* About this task: Taking the entries below, transcribe only the lines starting with the one with "#19431 = ORIENTED_EDGE" and going on through the one with "FILE_DESCRIPTION (( 'STEP AP214' ), '1' );", exactly as written, without the pictures.

..........

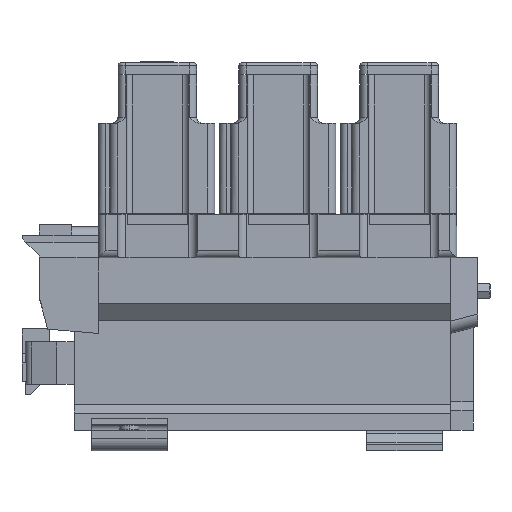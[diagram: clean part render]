
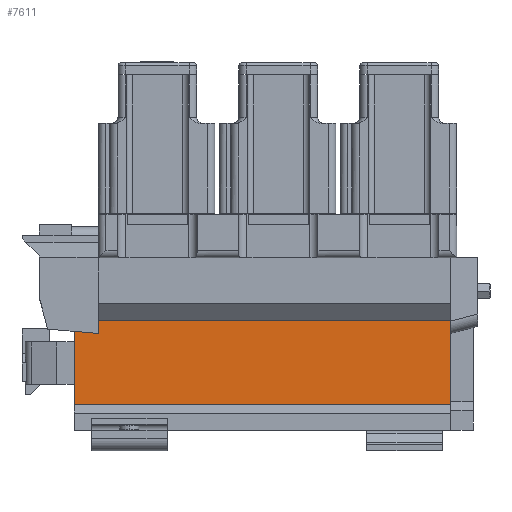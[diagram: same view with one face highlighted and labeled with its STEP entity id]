
A CAD part, front view. The second image highlights one B-rep face of the part: STEP entity #7611.
In plain terms, the highlighted planar face has unit normal (0, -1, 0).
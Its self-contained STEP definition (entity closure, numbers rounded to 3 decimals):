
#135 = VECTOR ( 'NONE', #2916, 1000. ) ;
#1118 = LINE ( 'NONE', #4544, #1444 ) ;
#1363 = EDGE_CURVE ( 'NONE', #20547, #1560, #9588, .T. ) ;
#1444 = VECTOR ( 'NONE', #4652, 1000. ) ;
#1560 = VERTEX_POINT ( 'NONE', #13568 ) ;
#1994 = CARTESIAN_POINT ( 'NONE',  ( 220., 41.5, -130.5 ) ) ;
#2762 = VECTOR ( 'NONE', #20156, 1000. ) ;
#2916 = DIRECTION ( 'NONE',  ( 1., 0., 0. ) ) ;
#3513 = DIRECTION ( 'NONE',  ( 0., 0., -1. ) ) ;
#4073 = PLANE ( 'NONE',  #15782 ) ;
#4544 = CARTESIAN_POINT ( 'NONE',  ( -29., 41.5, -130.5 ) ) ;
#4569 = EDGE_CURVE ( 'NONE', #11298, #8138, #11833, .T. ) ;
#4652 = DIRECTION ( 'NONE',  ( 0., 0., 1. ) ) ;
#5001 = ORIENTED_EDGE ( 'NONE', *, *, #16618, .F. ) ;
#5380 = VECTOR ( 'NONE', #15593, 1000. ) ;
#6981 = LINE ( 'NONE', #1994, #10984 ) ;
#7611 = ADVANCED_FACE ( 'NONE', ( #17279 ), #4073, .F. ) ;
#8131 = CARTESIAN_POINT ( 'NONE',  ( -29., 41.5, -137.6 ) ) ;
#8138 = VERTEX_POINT ( 'NONE', #17700 ) ;
#8815 = CARTESIAN_POINT ( 'NONE',  ( -46.488, 41.5, -136.07 ) ) ;
#9554 = VECTOR ( 'NONE', #3513, 1000. ) ;
#9588 = LINE ( 'NONE', #19675, #135 ) ;
#10984 = VECTOR ( 'NONE', #12538, 1000. ) ;
#11298 = VERTEX_POINT ( 'NONE', #11544 ) ;
#11544 = CARTESIAN_POINT ( 'NONE',  ( -13., 41.5, -130.5 ) ) ;
#11833 = LINE ( 'NONE', #15274, #2762 ) ;
#11892 = ORIENTED_EDGE ( 'NONE', *, *, #14883, .T. ) ;
#11943 = CARTESIAN_POINT ( 'NONE',  ( -13., 41.5, -130.5 ) ) ;
#12061 = VERTEX_POINT ( 'NONE', #18786 ) ;
#12193 = CARTESIAN_POINT ( 'NONE',  ( -29., 41.5, -130.5 ) ) ;
#12441 = ORIENTED_EDGE ( 'NONE', *, *, #13826, .T. ) ;
#12538 = DIRECTION ( 'NONE',  ( 0., 0., 1. ) ) ;
#12904 = CARTESIAN_POINT ( 'NONE',  ( -29., 41.5, -185.969 ) ) ;
#13568 = CARTESIAN_POINT ( 'NONE',  ( 220., 41.5, -185.969 ) ) ;
#13826 = EDGE_CURVE ( 'NONE', #1560, #8138, #6981, .T. ) ;
#14139 = LINE ( 'NONE', #8815, #5380 ) ;
#14188 = DIRECTION ( 'NONE',  ( 0., 0., 1. ) ) ;
#14883 = EDGE_CURVE ( 'NONE', #11298, #12061, #21819, .T. ) ;
#15274 = CARTESIAN_POINT ( 'NONE',  ( -29., 41.5, -130.5 ) ) ;
#15409 = EDGE_CURVE ( 'NONE', #20547, #16882, #1118, .T. ) ;
#15593 = DIRECTION ( 'NONE',  ( 0.996, 0., -0.087 ) ) ;
#15782 = AXIS2_PLACEMENT_3D ( 'NONE', #12193, #20838, #14188 ) ;
#15984 = EDGE_LOOP ( 'NONE', ( #11892, #5001, #19431, #18076, #12441, #20612 ) ) ;
#16618 = EDGE_CURVE ( 'NONE', #16882, #12061, #14139, .T. ) ;
#16882 = VERTEX_POINT ( 'NONE', #8131 ) ;
#17279 = FACE_OUTER_BOUND ( 'NONE', #15984, .T. ) ;
#17700 = CARTESIAN_POINT ( 'NONE',  ( 220., 41.5, -130.5 ) ) ;
#18076 = ORIENTED_EDGE ( 'NONE', *, *, #1363, .T. ) ;
#18786 = CARTESIAN_POINT ( 'NONE',  ( -13., 41.5, -139. ) ) ;
#19431 = ORIENTED_EDGE ( 'NONE', *, *, #15409, .F. ) ;
#19675 = CARTESIAN_POINT ( 'NONE',  ( -29., 41.5, -185.969 ) ) ;
#20156 = DIRECTION ( 'NONE',  ( 1., 0., 0. ) ) ;
#20547 = VERTEX_POINT ( 'NONE', #12904 ) ;
#20612 = ORIENTED_EDGE ( 'NONE', *, *, #4569, .F. ) ;
#20838 = DIRECTION ( 'NONE',  ( 0., 1., 0. ) ) ;
#21819 = LINE ( 'NONE', #11943, #9554 ) ;
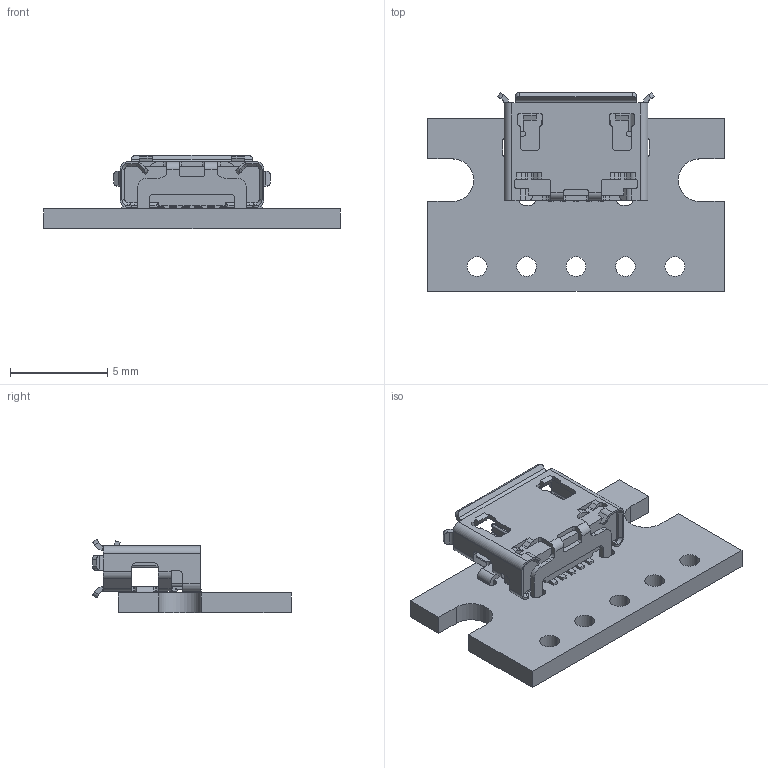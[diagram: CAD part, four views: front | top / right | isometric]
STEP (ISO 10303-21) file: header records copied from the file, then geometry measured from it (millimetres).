
FILE_DESCRIPTION (( 'STEP AP214' ), '1' );
FILE_NAME ('usb04d-for-step.STEP', '2021-09-17T19:00:50', ( '' ), ( '' ), 'SwSTEP 2.0', 'SolidWorks 2021', '' );
FILE_SCHEMA (( 'AUTOMOTIVE_DESIGN' ));
Length unit declared in the file: millimetre
Products named in the file (1): usb04d-for-step
Bounding box: 15.24 x 10.21 x 3.77 mm (x, y, z)
Volume: 164.2 mm3; surface area: 554.9 mm2
Topology: 1 solids, 1 shells, 929 faces, 2611 edges, 1706 vertices
Faces by surface type: plane 533, cylinder 201, bspline 181, cone 6, sphere 4, torus 4
Entity records: 46888 total; most frequent: CARTESIAN_POINT 13584, ORIENTED_EDGE 5214, DIRECTION 4109, EDGE_CURVE 2607, VECTOR 1811, LINE 1811, VERTEX_POINT 1706, AXIS2_PLACEMENT_3D 1149
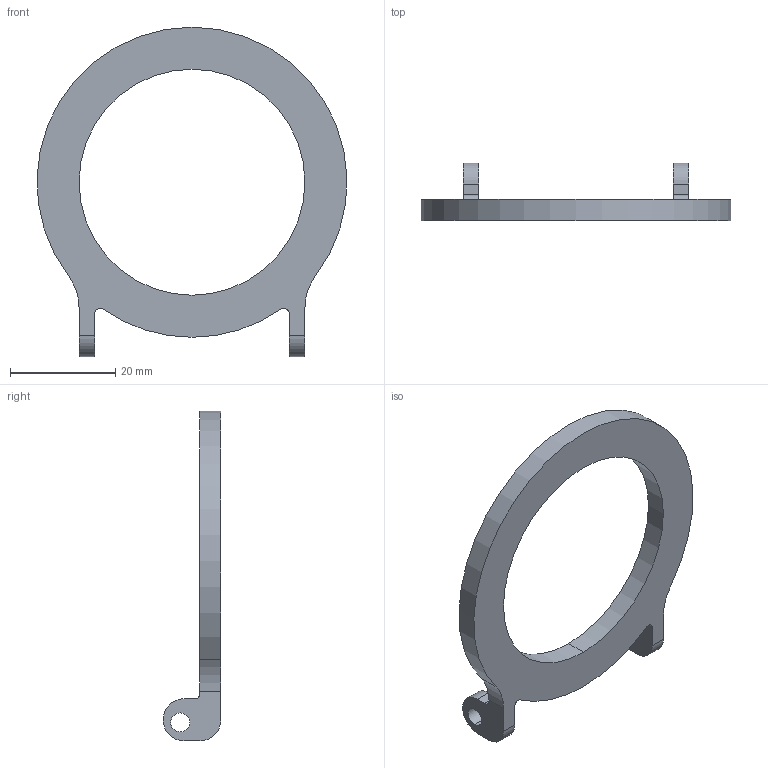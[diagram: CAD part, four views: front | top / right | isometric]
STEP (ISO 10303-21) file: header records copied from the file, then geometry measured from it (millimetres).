
FILE_DESCRIPTION (( 'STEP AP203' ), '1' );
FILE_NAME ('Vacuum gate 02.STEP', '2024-10-23T13:22:29', ( '' ), ( '' ), 'SwSTEP 2.0', 'SolidWorks 2024', '' );
FILE_SCHEMA (( 'CONFIG_CONTROL_DESIGN' ));
Length unit declared in the file: millimetre
Products named in the file (1): Vacuum gate 02
Bounding box: 58.96 x 11 x 62.71 mm (x, y, z)
Volume: 5636.9 mm3; surface area: 4414.9 mm2
Topology: 1 solids, 1 shells, 31 faces, 87 edges, 58 vertices
Faces by surface type: cylinder 21, plane 10
Entity records: 1118 total; most frequent: DIRECTION 191, CARTESIAN_POINT 187, ORIENTED_EDGE 174, EDGE_CURVE 87, AXIS2_PLACEMENT_3D 74, VERTEX_POINT 58, LINE 43, VECTOR 43
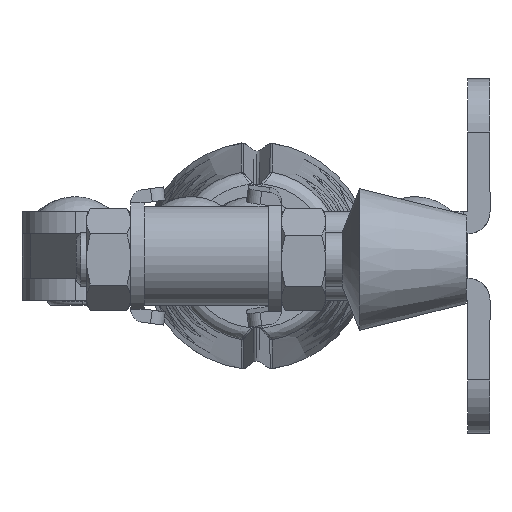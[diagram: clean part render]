
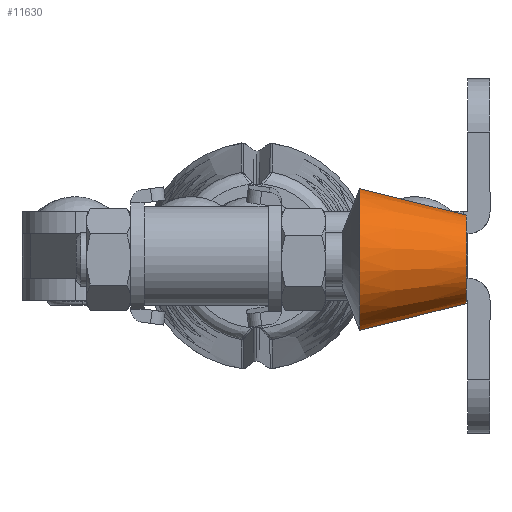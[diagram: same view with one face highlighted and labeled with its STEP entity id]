
A CAD part, left-side view. The second image highlights one B-rep face of the part: STEP entity #11630.
In plain terms, the highlighted conical face has half-angle 14.036 degrees and reference radius 5 mm.
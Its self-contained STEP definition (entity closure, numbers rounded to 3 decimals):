
#1412 = AXIS2_PLACEMENT_3D ( 'NONE', #2773, #4154, #14072 ) ;
#1646 = EDGE_CURVE ( 'NONE', #21148, #8969, #6903, .T. ) ;
#1832 = EDGE_CURVE ( 'NONE', #9207, #6040, #15664, .T. ) ;
#2683 = DIRECTION ( 'NONE',  ( 0., 0., 1. ) ) ;
#2689 = ORIENTED_EDGE ( 'NONE', *, *, #1646, .T. ) ;
#2773 = CARTESIAN_POINT ( 'NONE',  ( 0., 0., 0. ) ) ;
#3084 = CONICAL_SURFACE ( 'NONE', #13852, 5., 0.245 ) ;
#4154 = DIRECTION ( 'NONE',  ( 0., -1., 0. ) ) ;
#5121 = AXIS2_PLACEMENT_3D ( 'NONE', #17538, #14204, #17327 ) ;
#6040 = VERTEX_POINT ( 'NONE', #15245 ) ;
#6903 = LINE ( 'NONE', #15236, #15131 ) ;
#7723 = CARTESIAN_POINT ( 'NONE',  ( 0., 0., 0. ) ) ;
#7873 = CARTESIAN_POINT ( 'NONE',  ( 0., 0., -5. ) ) ;
#8449 = VECTOR ( 'NONE', #16107, 1000. ) ;
#8969 = VERTEX_POINT ( 'NONE', #15500 ) ;
#9207 = VERTEX_POINT ( 'NONE', #7873 ) ;
#10699 = EDGE_CURVE ( 'NONE', #21148, #9207, #11143, .T. ) ;
#11123 = DIRECTION ( 'NONE',  ( 0., 1., 0. ) ) ;
#11143 = CIRCLE ( 'NONE', #1412, 5. ) ;
#11630 = ADVANCED_FACE ( 'NONE', ( #20630 ), #3084, .T. ) ;
#12506 = CIRCLE ( 'NONE', #5121, 8. ) ;
#13369 = EDGE_LOOP ( 'NONE', ( #19172, #16339, #2689, #19360 ) ) ;
#13852 = AXIS2_PLACEMENT_3D ( 'NONE', #7723, #11123, #2683 ) ;
#14072 = DIRECTION ( 'NONE',  ( 0., 0., -1. ) ) ;
#14204 = DIRECTION ( 'NONE',  ( 0., -1., 0. ) ) ;
#14658 = CARTESIAN_POINT ( 'NONE',  ( 0., 0., 5. ) ) ;
#15131 = VECTOR ( 'NONE', #17431, 1000. ) ;
#15236 = CARTESIAN_POINT ( 'NONE',  ( 0., 0., 5. ) ) ;
#15245 = CARTESIAN_POINT ( 'NONE',  ( 0., 12., -8. ) ) ;
#15500 = CARTESIAN_POINT ( 'NONE',  ( 0., 12., 8. ) ) ;
#15664 = LINE ( 'NONE', #19287, #8449 ) ;
#16107 = DIRECTION ( 'NONE',  ( 0., 0.97, -0.243 ) ) ;
#16339 = ORIENTED_EDGE ( 'NONE', *, *, #10699, .F. ) ;
#16884 = EDGE_CURVE ( 'NONE', #8969, #6040, #12506, .T. ) ;
#17327 = DIRECTION ( 'NONE',  ( 0., 0., -1. ) ) ;
#17431 = DIRECTION ( 'NONE',  ( 0., 0.97, 0.243 ) ) ;
#17538 = CARTESIAN_POINT ( 'NONE',  ( 0., 12., 0. ) ) ;
#19172 = ORIENTED_EDGE ( 'NONE', *, *, #1832, .F. ) ;
#19287 = CARTESIAN_POINT ( 'NONE',  ( 0., 0., -5. ) ) ;
#19360 = ORIENTED_EDGE ( 'NONE', *, *, #16884, .T. ) ;
#20630 = FACE_OUTER_BOUND ( 'NONE', #13369, .T. ) ;
#21148 = VERTEX_POINT ( 'NONE', #14658 ) ;

..........

* Output for this task:
#19431 = ORIENTED_EDGE ( 'NONE', *, *, #15409, .F. ) ;
#19675 = CARTESIAN_POINT ( 'NONE',  ( -29., 41.5, -185.969 ) ) ;
#20156 = DIRECTION ( 'NONE',  ( 1., 0., 0. ) ) ;
#20547 = VERTEX_POINT ( 'NONE', #12904 ) ;
#20612 = ORIENTED_EDGE ( 'NONE', *, *, #4569, .F. ) ;
#20838 = DIRECTION ( 'NONE',  ( 0., 1., 0. ) ) ;
#21819 = LINE ( 'NONE', #11943, #9554 ) ;
[diagram: CAD part, four views: front | top / right | isometric]
STEP (ISO 10303-21) file: header records copied from the file, then geometry measured from it (millimetres).
FILE_DESCRIPTION (( 'STEP AP214' ), '1' );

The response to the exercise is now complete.